The only thing that is inconsistent here is how the timeout value is specified
compared to the underlying UNIX implementation these are wrappers for. In the
UNIX interfaces, select and poll take a structure that allows both seconds and
fractions of a second, and epoll takes an integer. While I suppose this is
confusing, these all have different usage patterns and different APIs, so it's
not like you can just replace the call to select with poll and not have to
refactor the rest of the code. This could be cleaned up, but it's most likely
not worth it since the ranges of the timeout values reflect the most common
ranges people are expecting to use.

 _Circular Imports_

This can be overcome by remembering that modules, classes and functions are
defined at run time, that an object can be referenced even though it's not
finished being executed.

 _999+1 is not 1000_ and _What is the value of one?_

I'm not sure why you'd use the _is_ operator to test equality of integers,
when _is_ is meant to test object equality. In the same way it is suggested to
_not_ compare strings and numbers.

 _The order of unpacking_

Using the same variable name multiple times on the LHS when unpacking should
be undefined, because the reason to do that would be because you don't care
about the values that are being unpacked into the same variable. I can not
think of a reason you should be encouraged to write a function that takes
multiple arguments that can not all be accessed, if you wanted to do that, you
should define the function's arguments as _args so they get eaten up, it's
more obvious that some of them are optional than using the same variable name
that ends up hiding one.

The example of foo(a=1, b=2, _args, __kwargs) is definitely confusing, but
then this would seem to be a confusing API anyway -- it would be best not to
write a function like that. What I expect to happen here is that a and b have
default arguments no matter what the kwargs are, but you can't specify a
kwargs entry named a (as in foo(3,4,6, a=4)) without it raising "TypeError:
foo() got multiple values for keyword argument 'a'".

 _Multi line strings_

python statements don't end with semicolons, so you need to escape the
newline, which would mark the end of the assignment expression in the first
example. In the second, the RHS of the assignment is an expression enclosed in
parens, which doesn't end until it forms a complete expression with the
closing paren. Whitespace between strings concatenates the strings, so but the
newline ending the expression in the first example needs to be escaped so it's
interpreted as whitespace and not as the end of the statement.
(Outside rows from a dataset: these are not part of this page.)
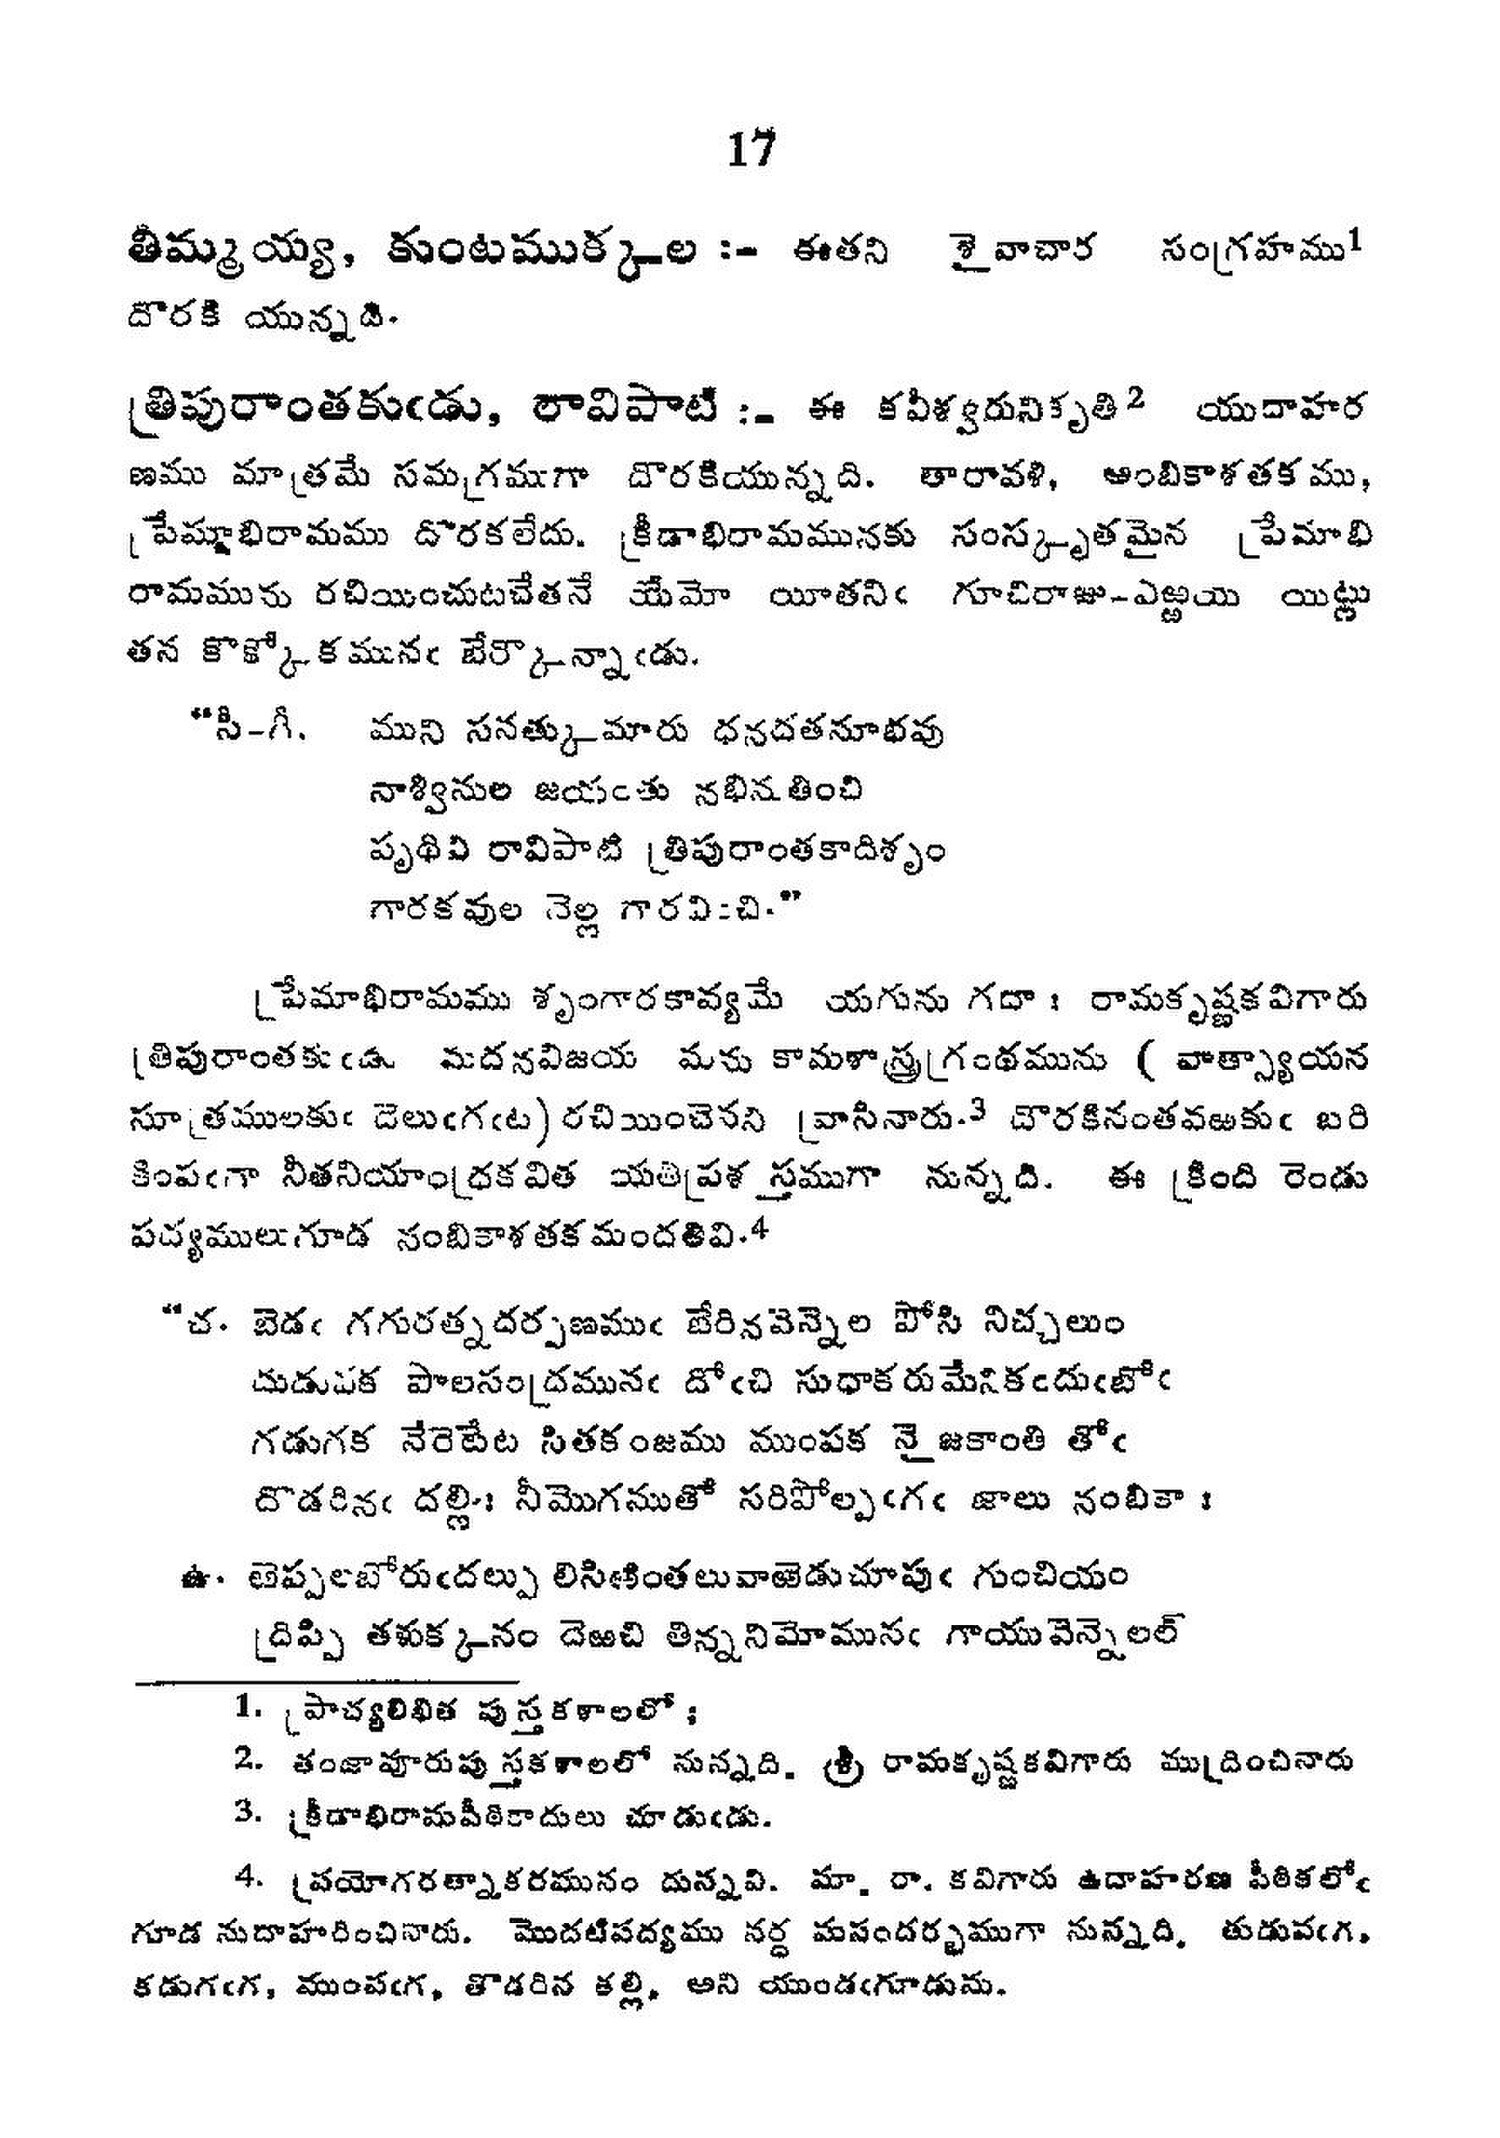తిమ్మయ్య, కుంటముక్కల :- ఈతని శైవాచార సంగ్రహము1దొరకి యున్నది.

త్రిపురాంతకుఁడు, రావిపాటి :. ఈ కవీశ్వరునికృతి 2 యుదాహర
ణము మాత్రమే సమగ్రముగా దొరకియున్నది. తారావళి, అంబికాశతకము,
పేమాభిరామము దొరకలేదు. క్రీడాభిరామమునకు సంస్కృతమైన ప్రేమాభి
రామమును రచియించుటచేతనే యేమో యీతనిఁ గూచిరాజు - ఎఱయి యిట్లు
తన కొక్కోకమునఁ బేర్కొన్నాఁడు.

“సి-గీ, ముని సనత్కుమారు ధనదతనూభవు
నాశ్వినుల జయంతు నభిన తించి
పృథివి రావిపాటి త్రిపురాంతకాదిశృం
గారకవుల నెల్ల గౌరవించి."

ప్రేమాభిరామము శృంగారకావ్యమే యగును గదా ! రామకృష్ణకవిగారు
త్రిపురాంతకు (డు మదనవిజయ మను కామశాస్త్ర గ్రంథమును ( వాత్స్యాయన
సూత్రఘులకుఁ దెలుఁగఁట) రచియించెనని వ్రాసినారు. 3 దొరకినంతవఱకుఁ బరి
కింపఁగా నీతనీయాంధ్రకవిత యతిప్రశస్తముగా నున్నది. ఈ క్రింది రెండు
పద్యములు గూడ సంబికాశతకమందలివి.4

“చ. బెడఁ గగురత్నదర్పణముఁ బేరిన వెన్నెల పోసి నిచ్చలుం
దుడుపక పాలసంద్రమునఁ దోఁచి సుధాకరుమేనికందుఁబోఁ
గడుగక నేరెటేట సితకంజము ముంపక నై జకాంతి తోఁ
దొడరినఁ దల్లి ! నీ మొగముతో సరిపోల్పఁగఁ జాలు నంబికా !

ఉ. టెప్పలబోరుఁదల్పు లిసిటింతలు వాటెడుచూపుఁ గుంచియం
ద్రిప్పి తళుక్కనం దెఱచి తిన్న నిమోమునఁ గాయు వెన్నెలల్

1. 
2. 
3. 
4.

 _Finally finally is interesting_

Watch out for this. If try blocks are nested, it seems that a nested finally
with a return keeps an enclosing except block from executing:

    
    
        def x():
            try:
                try:
                    print "try"
                    raise Exception
                finally:
                    print "finally"
                    return 1
            except:
                print "except"
                return 2
    
        print x()
    

I actually prefer to nest try blocks like this to get more control over the
order of execution of the finally and except blocks and make it more obvious
as to what the intended order of execution is.

 _List comprehensions, kind of._

I actually like having to explicitly have a literal list comprehension in the
for-loop syntax. I'm not sure that the lack of punctuation increases
readability: the _if_ in the suggested (second) syntax kind of gets lost. For
maximum readability, the list comprehension might be best split into a
separate expression statement rather than trying to take on perl in the
longest line department.

I actually find python to be much more consistent and does the expected thing
much more often than some other languages (ahem, I'm looking at you, PHP). I
just hope that as I go deeper, using it remains refreshing.